We shipped, they were happy and then i got pinged that they had another project setup by an ex-”company name here” engineer who setup a $400/month cluster for them in testing phase. Not to get too much into the details (I wasn’t even interested in understanding their AWS setup coz I had full permission to nuke and give them something cheaper to test with, plus there was no data to backup). Long story short, 2 serers of $18 each (about 4GB ram) were deployed which served them in testing phase well.
Then i needed to understand, what’s the catch… why is AWS priced premium but gives worse performance (higher latency, slower response, cold starts, etc.). Well, i figured out the catch, there was infact none.
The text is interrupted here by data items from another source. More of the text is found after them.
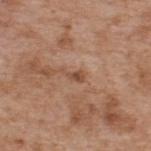Part of a total-body skin-imaging series; this lesion was reviewed on a skin check and was not flagged for biopsy. The lesion is located on the upper back. A male patient approximately 65 years of age. The recorded lesion diameter is about 2.5 mm. Cropped from a total-body skin-imaging series; the visible field is about 15 mm.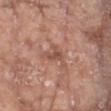workup: imaged on a skin check; not biopsied | patient: female, in their mid-70s | lesion diameter: ~2.5 mm (longest diameter) | illumination: white-light illumination | image source: ~15 mm crop, total-body skin-cancer survey | body site: the chest.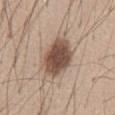Part of a total-body skin-imaging series; this lesion was reviewed on a skin check and was not flagged for biopsy. The subject is a male aged around 45. A 15 mm close-up tile from a total-body photography series done for melanoma screening. Imaged with white-light lighting. The lesion is on the abdomen.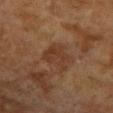The lesion was tiled from a total-body skin photograph and was not biopsied. A female patient, aged around 80. Imaged with cross-polarized lighting. Cropped from a whole-body photographic skin survey; the tile spans about 15 mm. The recorded lesion diameter is about 3.5 mm. Located on the arm.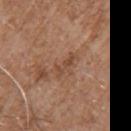workup = total-body-photography surveillance lesion; no biopsy
image = total-body-photography crop, ~15 mm field of view
subject = male, aged 58–62
lesion diameter = ≈3 mm
image-analysis metrics = a mean CIELAB color near L≈47 a*≈20 b*≈30, about 7 CIELAB-L* units darker than the surrounding skin, and a normalized border contrast of about 6
site = the arm
tile lighting = white-light illumination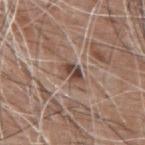Approximately 2.5 mm at its widest. A male patient, in their 60s. The lesion-visualizer software estimated a footprint of about 4 mm², an outline eccentricity of about 0.75 (0 = round, 1 = elongated), and a symmetry-axis asymmetry near 0.25. The software also gave a lesion–skin lightness drop of about 13. The software also gave lesion-presence confidence of about 70/100. A lesion tile, about 15 mm wide, cut from a 3D total-body photograph. On the upper back. Imaged with white-light lighting.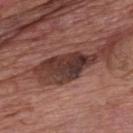Imaged during a routine full-body skin examination; the lesion was not biopsied and no histopathology is available. The lesion-visualizer software estimated a lesion area of about 14 mm², an eccentricity of roughly 0.85, and two-axis asymmetry of about 0.35. The analysis additionally found a mean CIELAB color near L≈34 a*≈20 b*≈21, roughly 15 lightness units darker than nearby skin, and a normalized border contrast of about 12. The software also gave a lesion-detection confidence of about 85/100. A 15 mm close-up tile from a total-body photography series done for melanoma screening. Approximately 7 mm at its widest. A male patient, approximately 75 years of age. The lesion is located on the chest.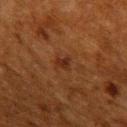No biopsy was performed on this lesion — it was imaged during a full skin examination and was not determined to be concerning.
A 15 mm close-up tile from a total-body photography series done for melanoma screening.
The patient is a male approximately 60 years of age.
The lesion's longest dimension is about 2.5 mm.
On the right upper arm.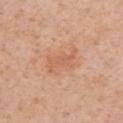Clinical impression: No biopsy was performed on this lesion — it was imaged during a full skin examination and was not determined to be concerning. Context: The lesion is located on the right upper arm. The subject is a female about 40 years old. Imaged with white-light lighting. Measured at roughly 4.5 mm in maximum diameter. A 15 mm crop from a total-body photograph taken for skin-cancer surveillance.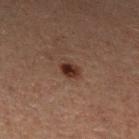site: the leg
imaging modality: ~15 mm crop, total-body skin-cancer survey
TBP lesion metrics: a lesion area of about 4.5 mm², a shape eccentricity near 0.65, and a symmetry-axis asymmetry near 0.25; a lesion color around L≈24 a*≈15 b*≈19 in CIELAB, a lesion–skin lightness drop of about 9, and a lesion-to-skin contrast of about 9.5 (normalized; higher = more distinct); a detector confidence of about 100 out of 100 that the crop contains a lesion
patient: male, roughly 60 years of age
illumination: cross-polarized illumination
size: about 2.5 mm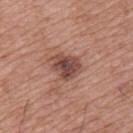subject: male, approximately 65 years of age | tile lighting: white-light illumination | lesion diameter: ~4 mm (longest diameter) | site: the upper back | imaging modality: 15 mm crop, total-body photography.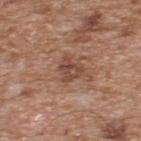workup = catalogued during a skin exam; not biopsied | diameter = ~3 mm (longest diameter) | patient = male, about 65 years old | TBP lesion metrics = a lesion color around L≈46 a*≈21 b*≈27 in CIELAB and about 9 CIELAB-L* units darker than the surrounding skin; a color-variation rating of about 5.5/10 and radial color variation of about 2.5 | acquisition = 15 mm crop, total-body photography | anatomic site = the back | tile lighting = white-light illumination.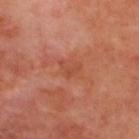Clinical impression: Part of a total-body skin-imaging series; this lesion was reviewed on a skin check and was not flagged for biopsy. Acquisition and patient details: A male patient aged 48–52. Located on the upper back. A close-up tile cropped from a whole-body skin photograph, about 15 mm across.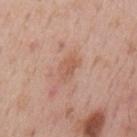biopsy status = no biopsy performed (imaged during a skin exam) | body site = the mid back | diameter = ≈3.5 mm | lighting = white-light illumination | acquisition = 15 mm crop, total-body photography | automated lesion analysis = a footprint of about 5.5 mm², an eccentricity of roughly 0.85, and two-axis asymmetry of about 0.3; a nevus-likeness score of about 0/100 and lesion-presence confidence of about 100/100 | subject = male, approximately 55 years of age.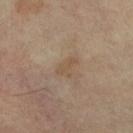follow-up — no biopsy performed (imaged during a skin exam) | image — 15 mm crop, total-body photography | lighting — cross-polarized illumination | automated metrics — a lesion area of about 3 mm²; a border-irregularity index near 3/10 and a color-variation rating of about 0/10; a classifier nevus-likeness of about 0/100 | lesion diameter — ~3 mm (longest diameter) | anatomic site — the right lower leg | subject — female, in their mid- to late 60s.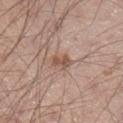Clinical summary: A male patient, aged around 35. Automated image analysis of the tile measured an area of roughly 3 mm², an outline eccentricity of about 0.8 (0 = round, 1 = elongated), and a shape-asymmetry score of about 0.35 (0 = symmetric). The analysis additionally found an average lesion color of about L≈52 a*≈19 b*≈27 (CIELAB), roughly 10 lightness units darker than nearby skin, and a normalized lesion–skin contrast near 7.5. And it measured a border-irregularity index near 3/10, a within-lesion color-variation index near 1/10, and a peripheral color-asymmetry measure near 0.5. This image is a 15 mm lesion crop taken from a total-body photograph. The lesion is on the left lower leg.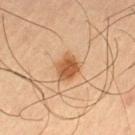Q: What did automated image analysis measure?
A: an area of roughly 6.5 mm², a shape eccentricity near 0.6, and two-axis asymmetry of about 0.2
Q: Where on the body is the lesion?
A: the left thigh
Q: Illumination type?
A: cross-polarized illumination
Q: What is the imaging modality?
A: ~15 mm tile from a whole-body skin photo
Q: Who is the patient?
A: male, roughly 65 years of age
Q: Lesion size?
A: ~3 mm (longest diameter)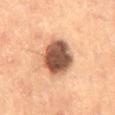Image and clinical context:
A 15 mm close-up tile from a total-body photography series done for melanoma screening. A male subject, aged around 60. This is a cross-polarized tile. The total-body-photography lesion software estimated an area of roughly 17 mm², an eccentricity of roughly 0.7, and two-axis asymmetry of about 0.1. And it measured a within-lesion color-variation index near 6.5/10. About 5.5 mm across.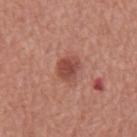Recorded during total-body skin imaging; not selected for excision or biopsy. A 15 mm close-up extracted from a 3D total-body photography capture. A male patient about 65 years old. The lesion is located on the mid back. Automated image analysis of the tile measured an area of roughly 6 mm² and two-axis asymmetry of about 0.25. The analysis additionally found a mean CIELAB color near L≈48 a*≈27 b*≈28, a lesion–skin lightness drop of about 11, and a normalized border contrast of about 8. The software also gave a detector confidence of about 100 out of 100 that the crop contains a lesion. The tile uses white-light illumination.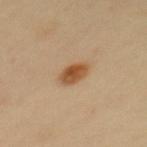The subject is a female in their 40s. This is a cross-polarized tile. The lesion's longest dimension is about 3 mm. Located on the upper back. A roughly 15 mm field-of-view crop from a total-body skin photograph.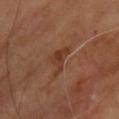Impression: This lesion was catalogued during total-body skin photography and was not selected for biopsy. Background: A 15 mm close-up tile from a total-body photography series done for melanoma screening. A male patient, aged 63 to 67. An algorithmic analysis of the crop reported an area of roughly 5.5 mm², an eccentricity of roughly 0.7, and a shape-asymmetry score of about 0.6 (0 = symmetric). It also reported internal color variation of about 2.5 on a 0–10 scale and radial color variation of about 1. And it measured a classifier nevus-likeness of about 0/100. From the chest. About 3.5 mm across. This is a cross-polarized tile.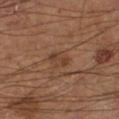- biopsy status · no biopsy performed (imaged during a skin exam)
- location · the right leg
- illumination · cross-polarized illumination
- image · total-body-photography crop, ~15 mm field of view
- patient · male, aged 58–62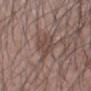{"biopsy_status": "not biopsied; imaged during a skin examination", "patient": {"sex": "male", "age_approx": 25}, "image": {"source": "total-body photography crop", "field_of_view_mm": 15}, "lesion_size": {"long_diameter_mm_approx": 4.0}, "lighting": "white-light", "automated_metrics": {"area_mm2_approx": 8.0, "eccentricity": 0.7, "shape_asymmetry": 0.25, "cielab_L": 46, "cielab_a": 16, "cielab_b": 22, "vs_skin_darker_L": 7.0, "color_variation_0_10": 3.0}, "site": "left forearm"}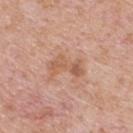Captured during whole-body skin photography for melanoma surveillance; the lesion was not biopsied. A male patient aged 58 to 62. The lesion is located on the upper back. Automated tile analysis of the lesion measured an outline eccentricity of about 0.9 (0 = round, 1 = elongated) and a symmetry-axis asymmetry near 0.4. It also reported border irregularity of about 6.5 on a 0–10 scale, internal color variation of about 4 on a 0–10 scale, and a peripheral color-asymmetry measure near 1.5. It also reported a lesion-detection confidence of about 100/100. Approximately 4 mm at its widest. The tile uses white-light illumination. A 15 mm close-up extracted from a 3D total-body photography capture.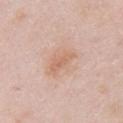A female patient about 65 years old. On the right upper arm. A 15 mm close-up tile from a total-body photography series done for melanoma screening. Measured at roughly 4.5 mm in maximum diameter. Captured under white-light illumination.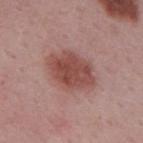biopsy_status: not biopsied; imaged during a skin examination
image:
  source: total-body photography crop
  field_of_view_mm: 15
patient:
  sex: male
  age_approx: 50
lesion_size:
  long_diameter_mm_approx: 6.0
site: back
automated_metrics:
  cielab_L: 49
  cielab_a: 24
  cielab_b: 23
  vs_skin_darker_L: 11.0
  vs_skin_contrast_norm: 8.5
  nevus_likeness_0_100: 100
lighting: white-light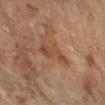Q: Was this lesion biopsied?
A: no biopsy performed (imaged during a skin exam)
Q: What did automated image analysis measure?
A: a footprint of about 6 mm², an outline eccentricity of about 0.9 (0 = round, 1 = elongated), and two-axis asymmetry of about 0.4; a mean CIELAB color near L≈48 a*≈21 b*≈32, about 8 CIELAB-L* units darker than the surrounding skin, and a lesion-to-skin contrast of about 6 (normalized; higher = more distinct); a border-irregularity index near 5/10, a color-variation rating of about 3/10, and a peripheral color-asymmetry measure near 1; a classifier nevus-likeness of about 0/100 and a lesion-detection confidence of about 100/100
Q: Lesion location?
A: the right forearm
Q: What are the patient's age and sex?
A: female, aged approximately 60
Q: How was this image acquired?
A: total-body-photography crop, ~15 mm field of view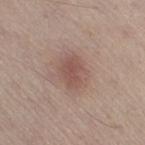| field | value |
|---|---|
| notes | no biopsy performed (imaged during a skin exam) |
| imaging modality | ~15 mm crop, total-body skin-cancer survey |
| tile lighting | white-light |
| automated metrics | an area of roughly 10 mm² and two-axis asymmetry of about 0.15; a mean CIELAB color near L≈52 a*≈18 b*≈23, about 8 CIELAB-L* units darker than the surrounding skin, and a normalized lesion–skin contrast near 6; border irregularity of about 1.5 on a 0–10 scale, internal color variation of about 2.5 on a 0–10 scale, and radial color variation of about 1 |
| body site | the right thigh |
| patient | male, in their 60s |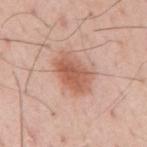biopsy status: no biopsy performed (imaged during a skin exam) | site: the back | lighting: white-light | subject: male, roughly 55 years of age | image: ~15 mm crop, total-body skin-cancer survey | automated lesion analysis: an outline eccentricity of about 0.8 (0 = round, 1 = elongated) and a symmetry-axis asymmetry near 0.15; a mean CIELAB color near L≈59 a*≈24 b*≈30 and roughly 11 lightness units darker than nearby skin; a border-irregularity index near 2.5/10, a color-variation rating of about 4.5/10, and a peripheral color-asymmetry measure near 1.5 | lesion diameter: about 5 mm.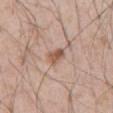Q: What is the anatomic site?
A: the abdomen
Q: Automated lesion metrics?
A: a border-irregularity rating of about 2.5/10, internal color variation of about 3.5 on a 0–10 scale, and radial color variation of about 1.5
Q: How large is the lesion?
A: about 3 mm
Q: What is the imaging modality?
A: total-body-photography crop, ~15 mm field of view
Q: What are the patient's age and sex?
A: male, aged 53 to 57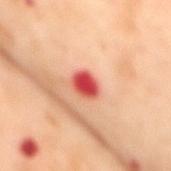{"image": {"source": "total-body photography crop", "field_of_view_mm": 15}, "automated_metrics": {"cielab_L": 57, "cielab_a": 45, "cielab_b": 35, "vs_skin_darker_L": 19.0, "vs_skin_contrast_norm": 11.5}, "patient": {"sex": "female", "age_approx": 55}, "lighting": "cross-polarized", "lesion_size": {"long_diameter_mm_approx": 3.0}, "site": "mid back"}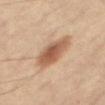Q: Who is the patient?
A: male, about 60 years old
Q: What is the lesion's diameter?
A: ≈6 mm
Q: What is the imaging modality?
A: ~15 mm tile from a whole-body skin photo
Q: How was the tile lit?
A: cross-polarized illumination
Q: Where on the body is the lesion?
A: the right thigh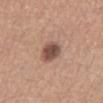Q: Was this lesion biopsied?
A: catalogued during a skin exam; not biopsied
Q: Automated lesion metrics?
A: a footprint of about 7 mm², an eccentricity of roughly 0.6, and two-axis asymmetry of about 0.25; an average lesion color of about L≈50 a*≈19 b*≈25 (CIELAB), about 14 CIELAB-L* units darker than the surrounding skin, and a lesion-to-skin contrast of about 10 (normalized; higher = more distinct); border irregularity of about 2 on a 0–10 scale, a within-lesion color-variation index near 4.5/10, and peripheral color asymmetry of about 1.5; an automated nevus-likeness rating near 80 out of 100 and lesion-presence confidence of about 100/100
Q: What is the lesion's diameter?
A: ≈3.5 mm
Q: What lighting was used for the tile?
A: white-light
Q: Patient demographics?
A: female, approximately 55 years of age
Q: What kind of image is this?
A: ~15 mm tile from a whole-body skin photo
Q: What is the anatomic site?
A: the abdomen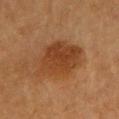Imaged during a routine full-body skin examination; the lesion was not biopsied and no histopathology is available. A region of skin cropped from a whole-body photographic capture, roughly 15 mm wide. Longest diameter approximately 6.5 mm. From the upper back. Automated image analysis of the tile measured a lesion area of about 21 mm², an outline eccentricity of about 0.65 (0 = round, 1 = elongated), and two-axis asymmetry of about 0.15. The software also gave border irregularity of about 2.5 on a 0–10 scale, internal color variation of about 3.5 on a 0–10 scale, and peripheral color asymmetry of about 1.5. The analysis additionally found an automated nevus-likeness rating near 85 out of 100 and a detector confidence of about 100 out of 100 that the crop contains a lesion. A female patient, in their 60s. Imaged with cross-polarized lighting.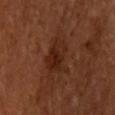workup — imaged on a skin check; not biopsied.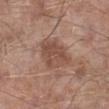Imaged during a routine full-body skin examination; the lesion was not biopsied and no histopathology is available. This is a white-light tile. The patient is a male approximately 55 years of age. A lesion tile, about 15 mm wide, cut from a 3D total-body photograph. Longest diameter approximately 4.5 mm. The lesion is located on the left lower leg.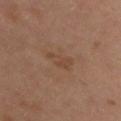{
  "biopsy_status": "not biopsied; imaged during a skin examination",
  "lighting": "cross-polarized",
  "site": "upper back",
  "patient": {
    "sex": "male",
    "age_approx": 35
  },
  "image": {
    "source": "total-body photography crop",
    "field_of_view_mm": 15
  }
}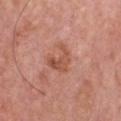Q: What lighting was used for the tile?
A: white-light illumination
Q: Who is the patient?
A: male, about 80 years old
Q: Lesion size?
A: ≈3.5 mm
Q: What is the anatomic site?
A: the chest
Q: What is the imaging modality?
A: 15 mm crop, total-body photography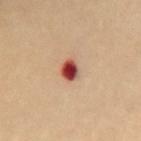{
  "biopsy_status": "not biopsied; imaged during a skin examination",
  "image": {
    "source": "total-body photography crop",
    "field_of_view_mm": 15
  },
  "site": "back",
  "patient": {
    "sex": "female",
    "age_approx": 60
  },
  "lighting": "cross-polarized",
  "automated_metrics": {
    "cielab_L": 48,
    "cielab_a": 32,
    "cielab_b": 29,
    "vs_skin_darker_L": 21.0,
    "vs_skin_contrast_norm": 14.0
  },
  "lesion_size": {
    "long_diameter_mm_approx": 2.5
  }
}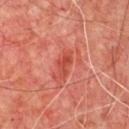Q: Was this lesion biopsied?
A: total-body-photography surveillance lesion; no biopsy
Q: What did automated image analysis measure?
A: roughly 9 lightness units darker than nearby skin and a normalized border contrast of about 6.5; a classifier nevus-likeness of about 5/100 and lesion-presence confidence of about 100/100
Q: What is the lesion's diameter?
A: ≈3 mm
Q: What kind of image is this?
A: ~15 mm tile from a whole-body skin photo
Q: Where on the body is the lesion?
A: the chest
Q: What are the patient's age and sex?
A: male, approximately 65 years of age
Q: Illumination type?
A: cross-polarized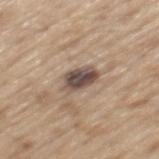{"biopsy_status": "not biopsied; imaged during a skin examination", "lighting": "white-light", "image": {"source": "total-body photography crop", "field_of_view_mm": 15}, "site": "mid back", "patient": {"sex": "male", "age_approx": 70}, "lesion_size": {"long_diameter_mm_approx": 4.0}}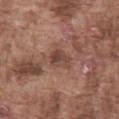workup: imaged on a skin check; not biopsied
anatomic site: the abdomen
lighting: white-light
imaging modality: total-body-photography crop, ~15 mm field of view
patient: male, aged 73 to 77
size: ≈3 mm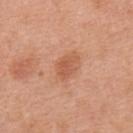Q: Is there a histopathology result?
A: catalogued during a skin exam; not biopsied
Q: How large is the lesion?
A: about 3 mm
Q: What is the imaging modality?
A: 15 mm crop, total-body photography
Q: Who is the patient?
A: male, aged 68 to 72
Q: Where on the body is the lesion?
A: the back
Q: Automated lesion metrics?
A: an area of roughly 5 mm², an outline eccentricity of about 0.75 (0 = round, 1 = elongated), and two-axis asymmetry of about 0.25; a nevus-likeness score of about 75/100 and lesion-presence confidence of about 100/100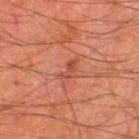Recorded during total-body skin imaging; not selected for excision or biopsy. The total-body-photography lesion software estimated an area of roughly 2.5 mm², a shape eccentricity near 0.9, and a shape-asymmetry score of about 0.45 (0 = symmetric). It also reported a mean CIELAB color near L≈44 a*≈28 b*≈30, a lesion–skin lightness drop of about 8, and a lesion-to-skin contrast of about 6 (normalized; higher = more distinct). The analysis additionally found a nevus-likeness score of about 0/100. A 15 mm close-up tile from a total-body photography series done for melanoma screening. On the left thigh. The patient is a male in their mid-60s.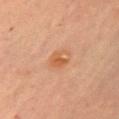Assessment:
The lesion was tiled from a total-body skin photograph and was not biopsied.
Context:
Imaged with cross-polarized lighting. Measured at roughly 2.5 mm in maximum diameter. The subject is a female aged approximately 60. The lesion is on the left upper arm. Automated image analysis of the tile measured a lesion–skin lightness drop of about 7 and a normalized border contrast of about 6.5. The software also gave a classifier nevus-likeness of about 60/100. A region of skin cropped from a whole-body photographic capture, roughly 15 mm wide.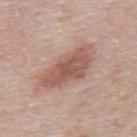Impression:
Recorded during total-body skin imaging; not selected for excision or biopsy.
Clinical summary:
A region of skin cropped from a whole-body photographic capture, roughly 15 mm wide. The patient is a male roughly 55 years of age. Measured at roughly 7 mm in maximum diameter. Automated tile analysis of the lesion measured an area of roughly 18 mm², an outline eccentricity of about 0.9 (0 = round, 1 = elongated), and a shape-asymmetry score of about 0.2 (0 = symmetric). The software also gave a border-irregularity rating of about 3/10 and a peripheral color-asymmetry measure near 1. The lesion is on the back. The tile uses white-light illumination.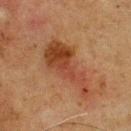Recorded during total-body skin imaging; not selected for excision or biopsy.
A male subject, approximately 75 years of age.
The recorded lesion diameter is about 8 mm.
Captured under cross-polarized illumination.
Cropped from a whole-body photographic skin survey; the tile spans about 15 mm.
Located on the chest.
Automated tile analysis of the lesion measured roughly 9 lightness units darker than nearby skin and a lesion-to-skin contrast of about 8 (normalized; higher = more distinct). The analysis additionally found a classifier nevus-likeness of about 40/100 and a detector confidence of about 100 out of 100 that the crop contains a lesion.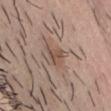biopsy status: catalogued during a skin exam; not biopsied | imaging modality: 15 mm crop, total-body photography | lighting: white-light | site: the head or neck | TBP lesion metrics: a lesion area of about 4.5 mm², a shape eccentricity near 0.55, and a shape-asymmetry score of about 0.5 (0 = symmetric); a nevus-likeness score of about 15/100 | subject: male, approximately 25 years of age | lesion diameter: ≈3 mm.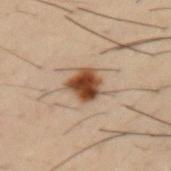biopsy status = imaged on a skin check; not biopsied | imaging modality = 15 mm crop, total-body photography | patient = male, approximately 30 years of age | lighting = cross-polarized | size = ~3.5 mm (longest diameter) | body site = the left upper arm | TBP lesion metrics = an area of roughly 8.5 mm²; a within-lesion color-variation index near 5/10 and peripheral color asymmetry of about 1.5; an automated nevus-likeness rating near 100 out of 100 and a lesion-detection confidence of about 100/100.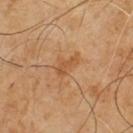{
  "biopsy_status": "not biopsied; imaged during a skin examination",
  "image": {
    "source": "total-body photography crop",
    "field_of_view_mm": 15
  },
  "patient": {
    "sex": "male",
    "age_approx": 65
  }
}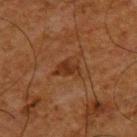Assessment:
No biopsy was performed on this lesion — it was imaged during a full skin examination and was not determined to be concerning.
Image and clinical context:
The patient is a male aged around 65. A lesion tile, about 15 mm wide, cut from a 3D total-body photograph. An algorithmic analysis of the crop reported a footprint of about 5 mm² and an outline eccentricity of about 0.75 (0 = round, 1 = elongated). The analysis additionally found roughly 7 lightness units darker than nearby skin and a normalized lesion–skin contrast near 7. And it measured a border-irregularity rating of about 3.5/10 and a color-variation rating of about 3/10. And it measured a classifier nevus-likeness of about 0/100 and lesion-presence confidence of about 100/100. This is a cross-polarized tile. Located on the upper back.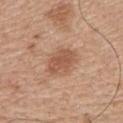  biopsy_status: not biopsied; imaged during a skin examination
  image:
    source: total-body photography crop
    field_of_view_mm: 15
  site: back
  lesion_size:
    long_diameter_mm_approx: 3.5
  patient:
    sex: male
    age_approx: 65
  lighting: white-light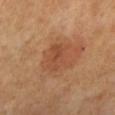Background: The patient is a male aged 63–67. On the left lower leg. A roughly 15 mm field-of-view crop from a total-body skin photograph. About 4 mm across. Automated tile analysis of the lesion measured a shape eccentricity near 0.35 and a shape-asymmetry score of about 0.3 (0 = symmetric). It also reported a mean CIELAB color near L≈46 a*≈22 b*≈33 and a normalized border contrast of about 5. The software also gave border irregularity of about 3.5 on a 0–10 scale, a color-variation rating of about 3.5/10, and a peripheral color-asymmetry measure near 1.5.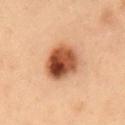<tbp_lesion>
  <biopsy_status>not biopsied; imaged during a skin examination</biopsy_status>
  <lighting>cross-polarized</lighting>
  <lesion_size>
    <long_diameter_mm_approx>4.5</long_diameter_mm_approx>
  </lesion_size>
  <automated_metrics>
    <area_mm2_approx>15.0</area_mm2_approx>
    <shape_asymmetry>0.15</shape_asymmetry>
    <cielab_L>42</cielab_L>
    <cielab_a>22</cielab_a>
    <cielab_b>30</cielab_b>
    <vs_skin_darker_L>17.0</vs_skin_darker_L>
    <vs_skin_contrast_norm>12.5</vs_skin_contrast_norm>
    <border_irregularity_0_10>1.5</border_irregularity_0_10>
  </automated_metrics>
  <site>front of the torso</site>
  <patient>
    <sex>male</sex>
    <age_approx>55</age_approx>
  </patient>
  <image>
    <source>total-body photography crop</source>
    <field_of_view_mm>15</field_of_view_mm>
  </image>
</tbp_lesion>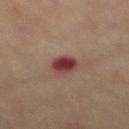– follow-up: catalogued during a skin exam; not biopsied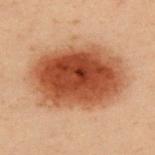Assessment:
Imaged during a routine full-body skin examination; the lesion was not biopsied and no histopathology is available.
Clinical summary:
This image is a 15 mm lesion crop taken from a total-body photograph. Automated image analysis of the tile measured a footprint of about 55 mm² and an eccentricity of roughly 0.75. The software also gave an average lesion color of about L≈42 a*≈22 b*≈31 (CIELAB), about 15 CIELAB-L* units darker than the surrounding skin, and a normalized border contrast of about 11.5. It also reported a border-irregularity rating of about 2/10, a within-lesion color-variation index near 8/10, and radial color variation of about 2.5. And it measured lesion-presence confidence of about 100/100. The lesion is located on the upper back. The subject is a male aged approximately 55. Longest diameter approximately 10.5 mm. Imaged with cross-polarized lighting.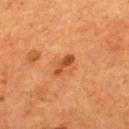follow-up: total-body-photography surveillance lesion; no biopsy | anatomic site: the upper back | subject: male, aged around 55 | acquisition: 15 mm crop, total-body photography.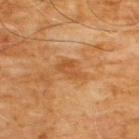{
  "biopsy_status": "not biopsied; imaged during a skin examination",
  "patient": {
    "sex": "male",
    "age_approx": 60
  },
  "lighting": "cross-polarized",
  "automated_metrics": {
    "eccentricity": 0.8,
    "shape_asymmetry": 0.35,
    "border_irregularity_0_10": 3.5,
    "peripheral_color_asymmetry": 0.5,
    "nevus_likeness_0_100": 0
  },
  "lesion_size": {
    "long_diameter_mm_approx": 3.5
  },
  "image": {
    "source": "total-body photography crop",
    "field_of_view_mm": 15
  },
  "site": "chest"
}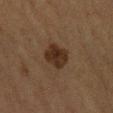Impression:
The lesion was tiled from a total-body skin photograph and was not biopsied.
Image and clinical context:
Approximately 3.5 mm at its widest. Automated image analysis of the tile measured a lesion area of about 8.5 mm², a shape eccentricity near 0.65, and a symmetry-axis asymmetry near 0.15. And it measured a border-irregularity index near 1.5/10, a within-lesion color-variation index near 3/10, and a peripheral color-asymmetry measure near 1. The software also gave a nevus-likeness score of about 80/100 and a detector confidence of about 100 out of 100 that the crop contains a lesion. Cropped from a total-body skin-imaging series; the visible field is about 15 mm. This is a cross-polarized tile. The patient is a male aged 58 to 62. The lesion is located on the left forearm.

I could go on rambling about how a much more talented mentor optimized a ~$2K AWS bill to a single 64GB ram server costing $120, or how a client was prohibitive and re emphasizing for me to be careful with their AWS account as their previous devs “accidentally” almost bankrupted them. He was shocked to find out we deployed their entire infra on a server which costs less than $60 and responds in under 1s (p95).
The solution
You probably have gotten the drift by now, but if you haven’t, self managed VPS are alot cheaper than managed services, often provide better hardware (becuase you get to pick) than AWS, have lower latency, better performance and overall gives you a better control over your resources. But the management nightmare scares folks away, then in comes Dokploy which gives me a neat UI to deploy and mange my projects and even manage multiple servers. It handles auto deploys, logs, domains, etc. almost anything you’d need to effectively deploy your application, and it’s FREE
Here’s what my current setup looks like, a server from Vultr setup with dokploy, applications setup with docker & docker compose to orchestrate, and pushing code to github auto redeploys my application, i get to see deployment status.
Recommendations
Dedicated servers are better when you’re going into prod and need guaranteed performance.
VPS providers are not equal, two providers might provide identical instances but benchmarking them would give your very different results.
There are publicly available benchmarks, explore them compare providers before deciding
Avoid hostinger, it’s a trap. So far as per my experience, i’ve tried linode, digital ocean, hostinger and Vultr. Vultr has the best performance and Hostinger has the worst.
AVOID any provider that wants you to prepay for morethan a month, it’s usually aa trap for terrible performance
TLDR: AWS is expensive for most usecases, get your self a VPS for predictable billing and easier infra setup.